## Exercise prompt
Could you repeat every line below exactly, skipping the images?

==================================================

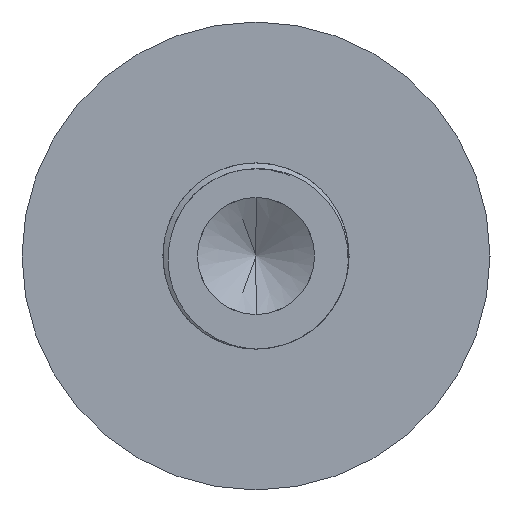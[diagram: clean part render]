
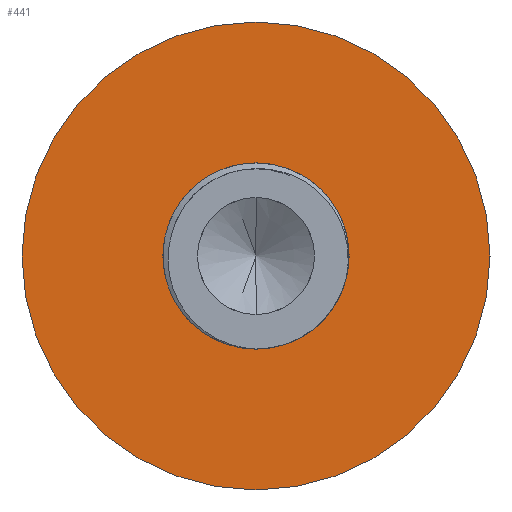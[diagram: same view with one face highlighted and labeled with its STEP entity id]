
A CAD part, front view. The second image highlights one B-rep face of the part: STEP entity #441.
In plain terms, the highlighted planar face has unit normal (0, -1, 0).
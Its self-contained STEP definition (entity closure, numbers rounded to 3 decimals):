
#166 = DIRECTION ( 'NONE',  ( 0., 0., -1. ) ) ;
#231 = VERTEX_POINT ( 'NONE', #4083 ) ;
#271 = EDGE_LOOP ( 'NONE', ( #1743, #2339 ) ) ;
#281 = CARTESIAN_POINT ( 'NONE',  ( 7.95, 10., 0. ) ) ;
#308 = DIRECTION ( 'NONE',  ( 0., -1., 0. ) ) ;
#441 = ADVANCED_FACE ( 'NONE', ( #2678, #4021 ), #3682, .T. ) ;
#513 = CIRCLE ( 'NONE', #3572, 7.95 ) ;
#617 = CIRCLE ( 'NONE', #3323, 7.95 ) ;
#684 = CARTESIAN_POINT ( 'NONE',  ( 0., 10., 20. ) ) ;
#735 = DIRECTION ( 'NONE',  ( 0., 0., -1. ) ) ;
#809 = EDGE_CURVE ( 'NONE', #1510, #4088, #3991, .T. ) ;
#1131 = DIRECTION ( 'NONE',  ( 0., 0., -1. ) ) ;
#1158 = CARTESIAN_POINT ( 'NONE',  ( 7.95, 10., 0. ) ) ;
#1182 = ORIENTED_EDGE ( 'NONE', *, *, #3619, .F. ) ;
#1389 = CARTESIAN_POINT ( 'NONE',  ( 0., 10., 0. ) ) ;
#1404 = AXIS2_PLACEMENT_3D ( 'NONE', #2680, #308, #3290 ) ;
#1424 = DIRECTION ( 'NONE',  ( 0., -1., 0. ) ) ;
#1458 = CARTESIAN_POINT ( 'NONE',  ( 0., 10., -20. ) ) ;
#1510 = VERTEX_POINT ( 'NONE', #1458 ) ;
#1567 = EDGE_CURVE ( 'NONE', #4088, #1510, #3744, .T. ) ;
#1610 = DIRECTION ( 'NONE',  ( 0., -1., 0. ) ) ;
#1617 = CARTESIAN_POINT ( 'NONE',  ( 0., 10., 0. ) ) ;
#1647 = CARTESIAN_POINT ( 'NONE',  ( 0., 10., 0. ) ) ;
#1743 = ORIENTED_EDGE ( 'NONE', *, *, #809, .T. ) ;
#1864 = DIRECTION ( 'NONE',  ( 0., -1., 0. ) ) ;
#2147 = VERTEX_POINT ( 'NONE', #1158 ) ;
#2282 = AXIS2_PLACEMENT_3D ( 'NONE', #281, #1610, #2326 ) ;
#2326 = DIRECTION ( 'NONE',  ( 0., 0., -1. ) ) ;
#2339 = ORIENTED_EDGE ( 'NONE', *, *, #1567, .T. ) ;
#2497 = DIRECTION ( 'NONE',  ( 0., -1., 0. ) ) ;
#2560 = CIRCLE ( 'NONE', #1404, 7.95 ) ;
#2678 = FACE_BOUND ( 'NONE', #2837, .T. ) ;
#2680 = CARTESIAN_POINT ( 'NONE',  ( 0., 10., 0. ) ) ;
#2805 = EDGE_CURVE ( 'NONE', #231, #2942, #617, .T. ) ;
#2837 = EDGE_LOOP ( 'NONE', ( #1182, #4233, #3812, #4322 ) ) ;
#2942 = VERTEX_POINT ( 'NONE', #4206 ) ;
#2945 = EDGE_CURVE ( 'NONE', #3013, #2147, #3817, .T. ) ;
#2982 = DIRECTION ( 'NONE',  ( 0., -1., 0. ) ) ;
#3013 = VERTEX_POINT ( 'NONE', #3369 ) ;
#3038 = AXIS2_PLACEMENT_3D ( 'NONE', #1389, #3114, #1131 ) ;
#3114 = DIRECTION ( 'NONE',  ( 0., -1., 0. ) ) ;
#3237 = CARTESIAN_POINT ( 'NONE',  ( 0., 10., 0. ) ) ;
#3290 = DIRECTION ( 'NONE',  ( 0., 0., -1. ) ) ;
#3323 = AXIS2_PLACEMENT_3D ( 'NONE', #1647, #2497, #3474 ) ;
#3369 = CARTESIAN_POINT ( 'NONE',  ( 0., 10., -7.95 ) ) ;
#3474 = DIRECTION ( 'NONE',  ( 0., 0., -1. ) ) ;
#3572 = AXIS2_PLACEMENT_3D ( 'NONE', #3237, #1864, #166 ) ;
#3619 = EDGE_CURVE ( 'NONE', #2942, #3013, #2560, .T. ) ;
#3682 = PLANE ( 'NONE',  #2282 ) ;
#3744 = CIRCLE ( 'NONE', #4169, 20. ) ;
#3793 = CARTESIAN_POINT ( 'NONE',  ( 0., 10., 0. ) ) ;
#3812 = ORIENTED_EDGE ( 'NONE', *, *, #4240, .F. ) ;
#3817 = CIRCLE ( 'NONE', #3038, 7.95 ) ;
#3991 = CIRCLE ( 'NONE', #4272, 20. ) ;
#4021 = FACE_OUTER_BOUND ( 'NONE', #271, .T. ) ;
#4083 = CARTESIAN_POINT ( 'NONE',  ( 0., 10., 7.95 ) ) ;
#4088 = VERTEX_POINT ( 'NONE', #684 ) ;
#4169 = AXIS2_PLACEMENT_3D ( 'NONE', #1617, #2982, #4339 ) ;
#4206 = CARTESIAN_POINT ( 'NONE',  ( -7.95, 10., 0. ) ) ;
#4233 = ORIENTED_EDGE ( 'NONE', *, *, #2805, .F. ) ;
#4240 = EDGE_CURVE ( 'NONE', #2147, #231, #513, .T. ) ;
#4272 = AXIS2_PLACEMENT_3D ( 'NONE', #3793, #1424, #735 ) ;
#4322 = ORIENTED_EDGE ( 'NONE', *, *, #2945, .F. ) ;
#4339 = DIRECTION ( 'NONE',  ( 0., 0., -1. ) ) ;

==================================================

## Result
[diagram: clean part render]
[diagram: same view with one face highlighted and labeled with its STEP entity id]
A CAD part, front view. The second image highlights one B-rep face of the part: STEP entity #441.
In plain terms, the highlighted planar face has unit normal (0, -1, 0).
Its self-contained STEP definition (entity closure, numbers rounded to 3 decimals):
#166 = DIRECTION ( 'NONE',  ( 0., 0., -1. ) ) ;
#231 = VERTEX_POINT ( 'NONE', #4083 ) ;
#271 = EDGE_LOOP ( 'NONE', ( #1743, #2339 ) ) ;
#281 = CARTESIAN_POINT ( 'NONE',  ( 7.95, 10., 0. ) ) ;
#308 = DIRECTION ( 'NONE',  ( 0., -1., 0. ) ) ;
#441 = ADVANCED_FACE ( 'NONE', ( #2678, #4021 ), #3682, .T. ) ;
#513 = CIRCLE ( 'NONE', #3572, 7.95 ) ;
#617 = CIRCLE ( 'NONE', #3323, 7.95 ) ;
#684 = CARTESIAN_POINT ( 'NONE',  ( 0., 10., 20. ) ) ;
#735 = DIRECTION ( 'NONE',  ( 0., 0., -1. ) ) ;
#809 = EDGE_CURVE ( 'NONE', #1510, #4088, #3991, .T. ) ;
#1131 = DIRECTION ( 'NONE',  ( 0., 0., -1. ) ) ;
#1158 = CARTESIAN_POINT ( 'NONE',  ( 7.95, 10., 0. ) ) ;
#1182 = ORIENTED_EDGE ( 'NONE', *, *, #3619, .F. ) ;
#1389 = CARTESIAN_POINT ( 'NONE',  ( 0., 10., 0. ) ) ;
#1404 = AXIS2_PLACEMENT_3D ( 'NONE', #2680, #308, #3290 ) ;
#1424 = DIRECTION ( 'NONE',  ( 0., -1., 0. ) ) ;
#1458 = CARTESIAN_POINT ( 'NONE',  ( 0., 10., -20. ) ) ;
#1510 = VERTEX_POINT ( 'NONE', #1458 ) ;
#1567 = EDGE_CURVE ( 'NONE', #4088, #1510, #3744, .T. ) ;
#1610 = DIRECTION ( 'NONE',  ( 0., -1., 0. ) ) ;
#1617 = CARTESIAN_POINT ( 'NONE',  ( 0., 10., 0. ) ) ;
#1647 = CARTESIAN_POINT ( 'NONE',  ( 0., 10., 0. ) ) ;
#1743 = ORIENTED_EDGE ( 'NONE', *, *, #809, .T. ) ;
#1864 = DIRECTION ( 'NONE',  ( 0., -1., 0. ) ) ;
#2147 = VERTEX_POINT ( 'NONE', #1158 ) ;
#2282 = AXIS2_PLACEMENT_3D ( 'NONE', #281, #1610, #2326 ) ;
#2326 = DIRECTION ( 'NONE',  ( 0., 0., -1. ) ) ;
#2339 = ORIENTED_EDGE ( 'NONE', *, *, #1567, .T. ) ;
#2497 = DIRECTION ( 'NONE',  ( 0., -1., 0. ) ) ;
#2560 = CIRCLE ( 'NONE', #1404, 7.95 ) ;
#2678 = FACE_BOUND ( 'NONE', #2837, .T. ) ;
#2680 = CARTESIAN_POINT ( 'NONE',  ( 0., 10., 0. ) ) ;
#2805 = EDGE_CURVE ( 'NONE', #231, #2942, #617, .T. ) ;
#2837 = EDGE_LOOP ( 'NONE', ( #1182, #4233, #3812, #4322 ) ) ;
#2942 = VERTEX_POINT ( 'NONE', #4206 ) ;
#2945 = EDGE_CURVE ( 'NONE', #3013, #2147, #3817, .T. ) ;
#2982 = DIRECTION ( 'NONE',  ( 0., -1., 0. ) ) ;
#3013 = VERTEX_POINT ( 'NONE', #3369 ) ;
#3038 = AXIS2_PLACEMENT_3D ( 'NONE', #1389, #3114, #1131 ) ;
#3114 = DIRECTION ( 'NONE',  ( 0., -1., 0. ) ) ;
#3237 = CARTESIAN_POINT ( 'NONE',  ( 0., 10., 0. ) ) ;
#3290 = DIRECTION ( 'NONE',  ( 0., 0., -1. ) ) ;
#3323 = AXIS2_PLACEMENT_3D ( 'NONE', #1647, #2497, #3474 ) ;
#3369 = CARTESIAN_POINT ( 'NONE',  ( 0., 10., -7.95 ) ) ;
#3474 = DIRECTION ( 'NONE',  ( 0., 0., -1. ) ) ;
#3572 = AXIS2_PLACEMENT_3D ( 'NONE', #3237, #1864, #166 ) ;
#3619 = EDGE_CURVE ( 'NONE', #2942, #3013, #2560, .T. ) ;
#3682 = PLANE ( 'NONE',  #2282 ) ;
#3744 = CIRCLE ( 'NONE', #4169, 20. ) ;
#3793 = CARTESIAN_POINT ( 'NONE',  ( 0., 10., 0. ) ) ;
#3812 = ORIENTED_EDGE ( 'NONE', *, *, #4240, .F. ) ;
#3817 = CIRCLE ( 'NONE', #3038, 7.95 ) ;
#3991 = CIRCLE ( 'NONE', #4272, 20. ) ;
#4021 = FACE_OUTER_BOUND ( 'NONE', #271, .T. ) ;
#4083 = CARTESIAN_POINT ( 'NONE',  ( 0., 10., 7.95 ) ) ;
#4088 = VERTEX_POINT ( 'NONE', #684 ) ;
#4169 = AXIS2_PLACEMENT_3D ( 'NONE', #1617, #2982, #4339 ) ;
#4206 = CARTESIAN_POINT ( 'NONE',  ( -7.95, 10., 0. ) ) ;
#4233 = ORIENTED_EDGE ( 'NONE', *, *, #2805, .F. ) ;
#4240 = EDGE_CURVE ( 'NONE', #2147, #231, #513, .T. ) ;
#4272 = AXIS2_PLACEMENT_3D ( 'NONE', #3793, #1424, #735 ) ;
#4322 = ORIENTED_EDGE ( 'NONE', *, *, #2945, .F. ) ;
#4339 = DIRECTION ( 'NONE',  ( 0., 0., -1. ) ) ;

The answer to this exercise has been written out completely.